第1章

青山向西,十里左右,有一个小村子,村口有一座大石碑,宽三尺,高丈二,笔直的树立在村口左边,上书三个大字——青山镇。

来往的行人,手里握着农具,牵着牛车,迎着升起的朝阳,送着懒散的月光,准时的重复着一天又一天的忙碌日子。

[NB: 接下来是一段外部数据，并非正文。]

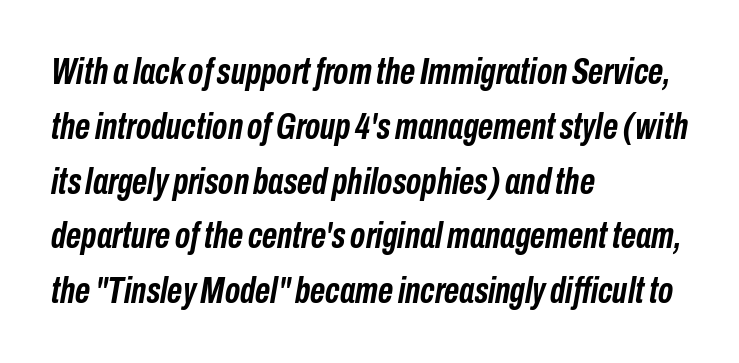
Q: Is the text bold? A: Yes.
Q: Is the text italic (slanted)? A: Yes, it leans right by about 10 degrees.
Q: Is the text underlined? A: No.
Q: How is the paragraph aligned? A: Left-aligned.
Q: Is the spacing between letters normal or unusually wide? A: Normal.
Q: Is the spacing between lines tight, normal or loose? A: Normal.
Q: Width (condensed, normal, or wide)? A: Condensed.
Q: Stroke contrast? A: Low.
Q: x-height? A: Medium.
Q: Monospaced? A: No.

这里地属北祁东部偏北的东远州,也是北祁七州最小的一个州,州如其名,又东又远。世代生活在这里的人们,靠着农耕放牧为生。

青山镇还是一如既往的宁静,往来也尽是村中长住之人。

闲暇之余,村民围坐在村中那棵不知道生长了多少年的大树之下,闲聊些家常。

“这家的女儿找到了隔壁村最能干农活的小伙子,小伙子长得憨厚,姑娘家也漂亮,以后可一定能过上好日子了。”

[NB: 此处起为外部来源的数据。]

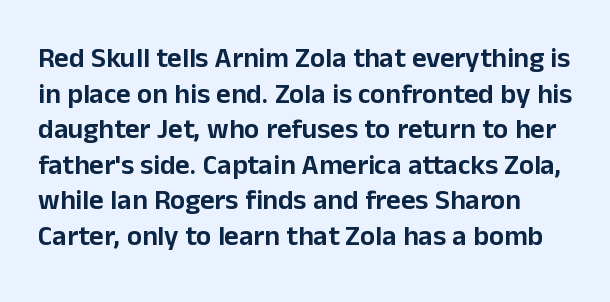
A typesetter would call this proportional, since set widths differ per character. This rendering features lettering with no underline. Look at the tracking — it's just the regular setting, nothing added. You can tell it's not italic because the verticals are truly vertical. Check where the strokes stop: nothing finishes them off — pure sans. The leading is moderate, giving the passage an even texture.
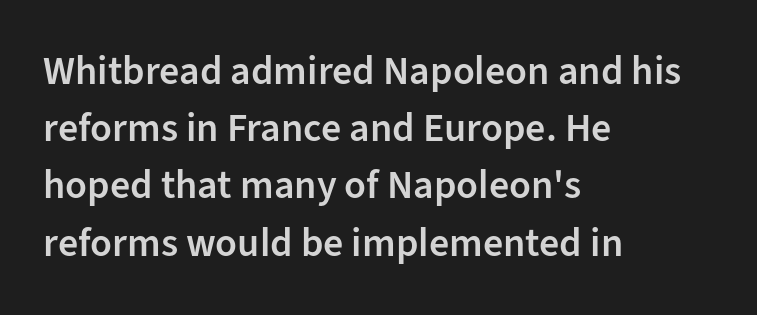
{"serif": "no", "italic": "no", "bold": "semi", "weight": "semibold", "width": "normal", "stroke_contrast": "low", "x_height": "medium", "monospaced": "no", "underline": "no", "align": "left", "line_spacing": "normal", "line_spacing_ratio": 1.43, "letter_spacing": "normal", "letter_spacing_em": 0.0, "glyph_px": 40}

“那家的孩子,太调皮,又在私塾被先生训斥了。尽是些鸡毛蒜皮的小事,不过从村民也乐此不疲。”

世间本无烦事,奈何庸人自扰。

这小小的青山小镇上的村民,虽然生活累了些,却感觉比世间大部分人活得充实。

而近些年间,大家茶余饭后的闲谈,却逐渐有了统一的趋势。

就是几十年前,青山发生的那件天大的大事,有一个村里的孩童拥有修行的天赋,被圣山选走了。

尽管过去了几十年,可话题的流传度依然如前。

有些老人,有幸见过当年的场面,从小听大人们说。

如今,又说给自己的孙辈们,重复了下来。

“唉,你听说了么,当年被圣山选走的那位,好像已经成了大人物了,隔壁村的行脚商,说在上京城里见过哩”。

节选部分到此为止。